[Date Prev][Date Next][Thread Prev][Thread Next][Date Index][Thread Index]

Re: [Condor-users] jobs stop running when lots of people submit jobs




The problem you describe sounds like a problem that was fixed in 7.0.0. Here's the entry in the 7.0.0 version history:

Fixed a problem in the /condor_ negotiator/ in which machines go unassigned when user priorities result in the machines getting split into shares that are rounded down to 0. For example if there are 10 machines and 100 equal priority submitters, then each submitter was getting 0.1 machines, which got rounded down to 0, so no machines were assigned to anybody. The message in the /condor_ negotiator/ log in this case was this:

Over submitter resource limit (0) ... only consider startd ranks


I hope that solves your problem!

--Dan

Ben Clifford wrote:
I have a condor installation which I use for training.

Sometimes when in use, it stops running jobs, with those jobs appearing as:

      2 match but reject the job for unknown reasons

in -better-analyze

When I attempt to put load on a fresh installation, both with condor jobs and with non-condor jobs, both from my own account and from several accounts at once, I cannot get this problem to reappear; but as soon as students start using it, the problems start (even to the extent that my test load scripts will be running in a loop happily for hours and then stop around the time students start)

So the only mechanism I have for recreating it at the moment is to point a room full of students at it (which is not an easily repeatable action).
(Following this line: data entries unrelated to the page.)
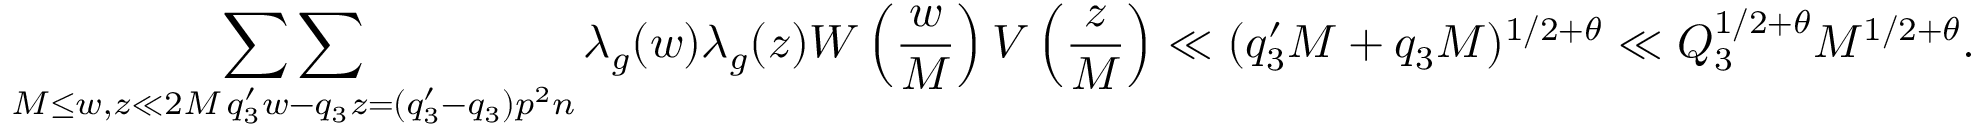
\mathop { \sum \sum } _ { \substack { M \leq w , z \ll 2 M \, q _ { 3 } ^ { \prime } w - q _ { 3 } z = ( q _ { 3 } ^ { \prime } - q _ { 3 } ) p ^ { 2 } n } } \lambda _ { g } ( w ) \lambda _ { g } ( z ) W \left( \frac { w } { M } \right) V \left( \frac { z } { M } \right) \ll ( q _ { 3 } ^ { \prime } M + q _ { 3 } M ) ^ { 1 / 2 + \theta } \ll Q _ { 3 } ^ { 1 / 2 + \theta } M ^ { 1 / 2 + \theta } .
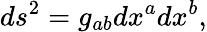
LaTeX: ds^{2}=g_{ab}dx^{a}dx^{b},
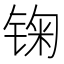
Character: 𲈈
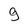
Character: g
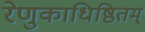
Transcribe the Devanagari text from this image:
रेणुकाधिष्ठितम्‌
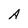
Character: A
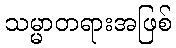
သမ္မာတရားအဖြစ်
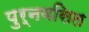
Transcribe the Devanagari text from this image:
पुर्नवसित
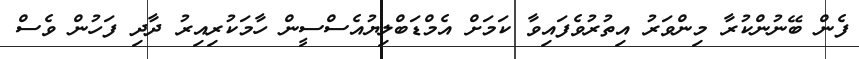
ފެން ބޭނުންކުރާ މިންވަރު އިތުރުވެފައިވާ ކަމަށް އެމްޑަބްލިޔުއެސްސީން ހާމަކުރިއިރު ދާދި ފަހުން ވެސް
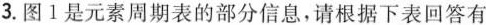
3.图1是元素周期表的部分信息，请根据下表回答有
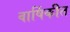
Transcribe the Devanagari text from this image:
वार्षिकीत
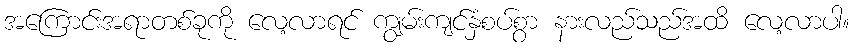
အကြောင်းအရာတစ်ခုကို လေ့လာရင် ကျွမ်းကျင်နှံစပ်စွာ နားလည်သည်အထိ လေ့လာပါ။
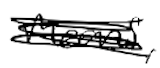
Text: means,
Cross-out: scratch
Writing tool: digital_black
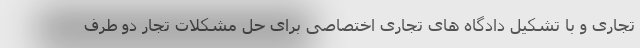
تجاری و با تشکیل دادگاه های تجاری اختصاصی برای حل مشکلات تجار دو طرف
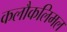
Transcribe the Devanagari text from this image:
कलौकलिमल
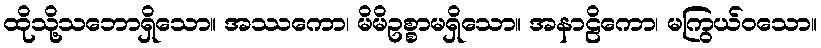
ထိုသို့သဘောရှိသော။ အဿကော၊ မိမိဥစ္စာမရှိသော။ အနာဠိကော၊ မကြွယ်ဝသော။
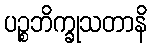
ပဉ္စဘိက္ခုသတာနိ
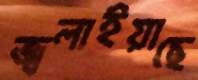
জ্বলাইয়াছে
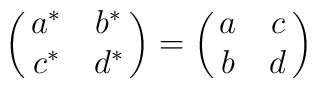
\pmatrix{a^*&b^*\cr c^*&d^*}=\pmatrix{a&c\cr b&d}
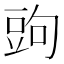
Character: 𧯠
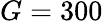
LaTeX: G=300
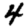
Digit: 4
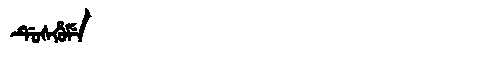
Manchu: ᡩᡠᠰᡥᡠᠮᡝ
Romanization: DUSHUME
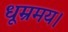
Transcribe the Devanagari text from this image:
धूम्रमय।
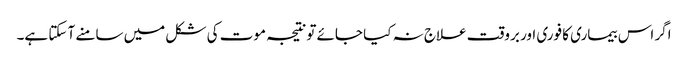
اگر اس بیماری کا فوری اور بروقت علاج نہ کیا جائے تونتیجہ موت کی شکل میں سامنے آ سکتا ہے۔
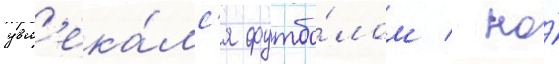
увл'ека́лс'я футбо́лом / но́
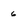
Character: 6
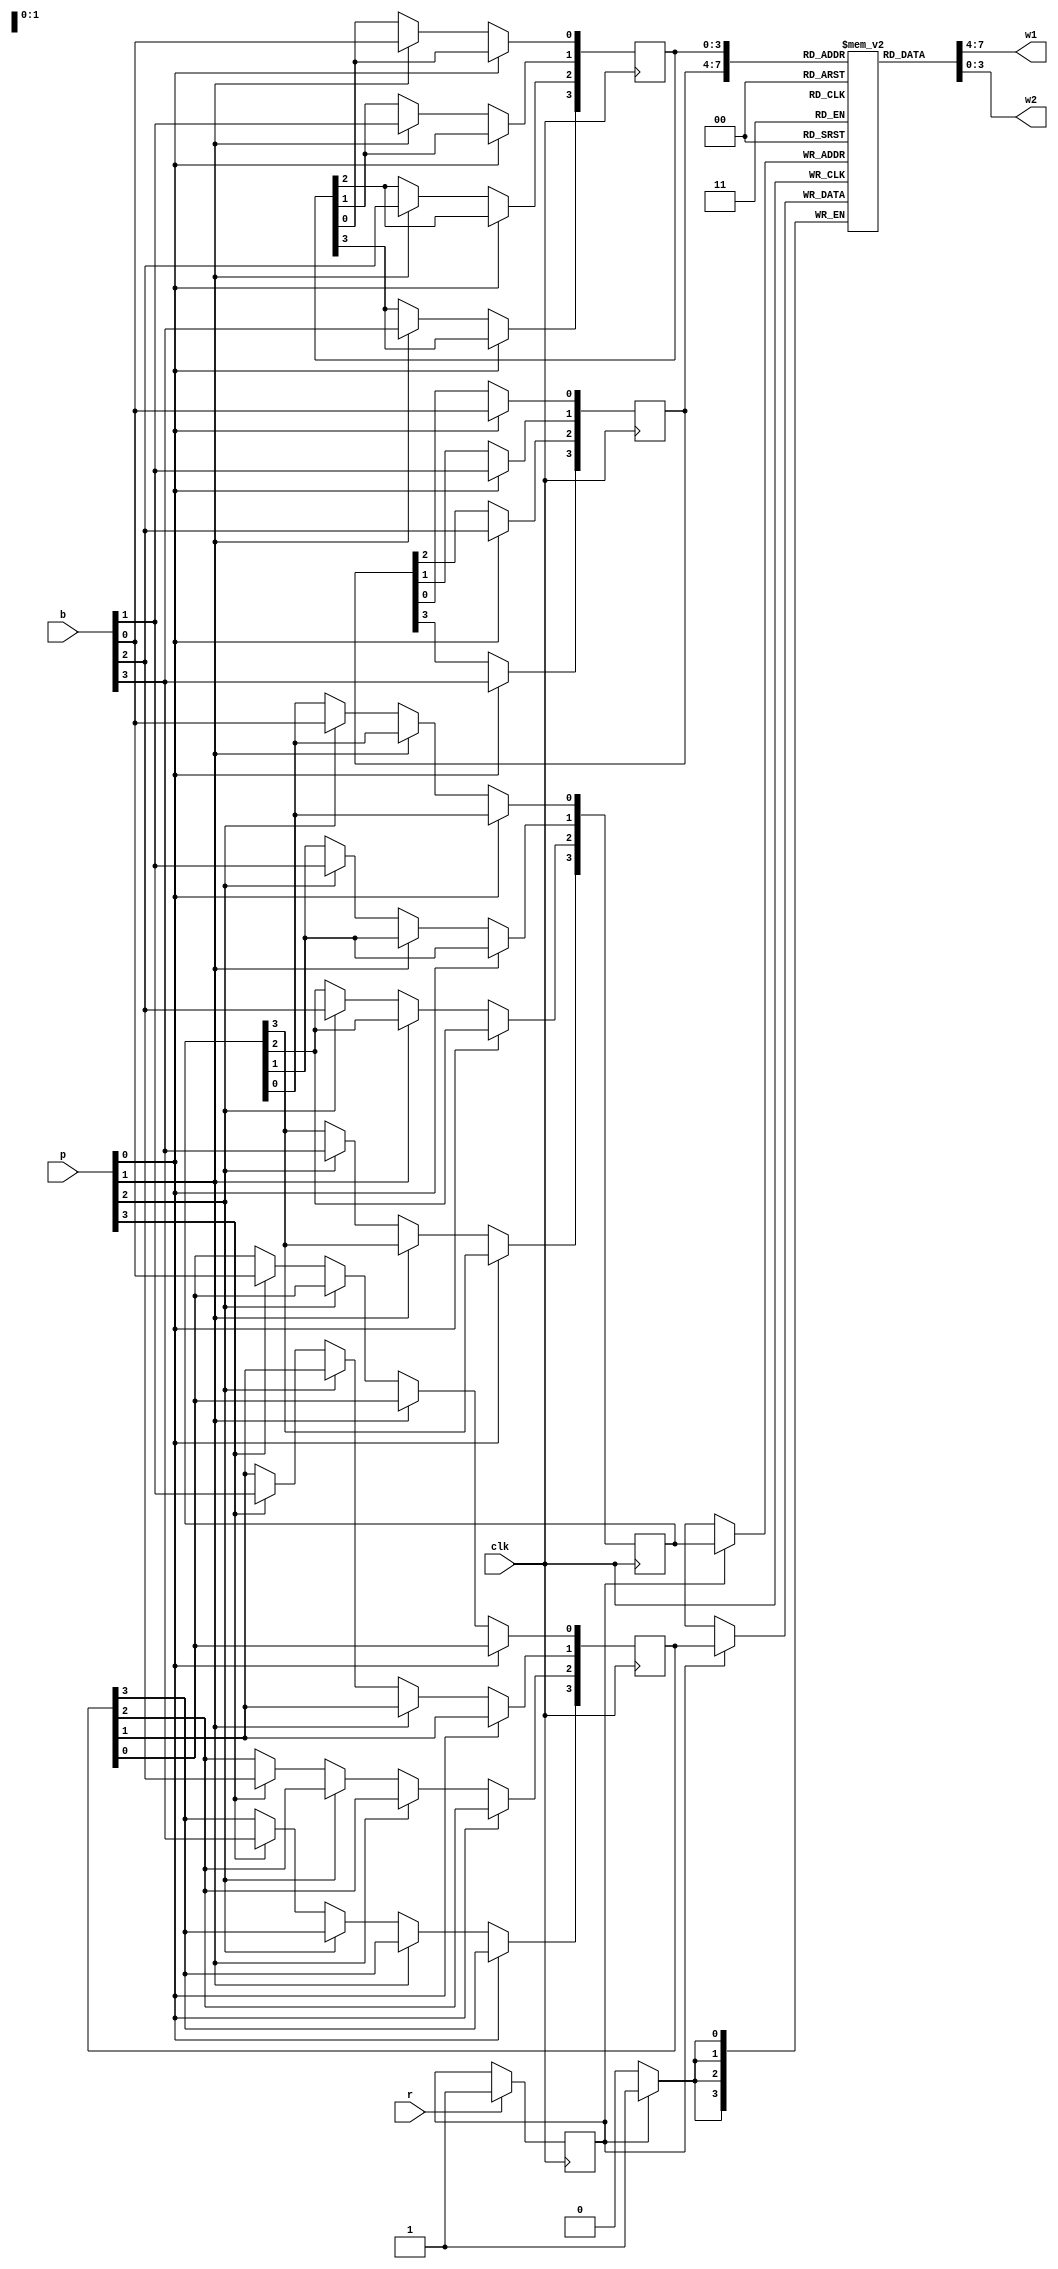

This has happened a few times, but I now have an install that is in this state and still online rather than being taken down right after a tutorial.

This is using condor-6.8.4. Condor-G works OK submitting to Globus on other machines, but local execution through the vanilla universe does not (using a variety of submission mechanisms - through GRAM2, through condor_run, condor_submit, dagman).

I don't see anything in the logs that indicates what is causing this problem - does anyone have any advice about what I can look for?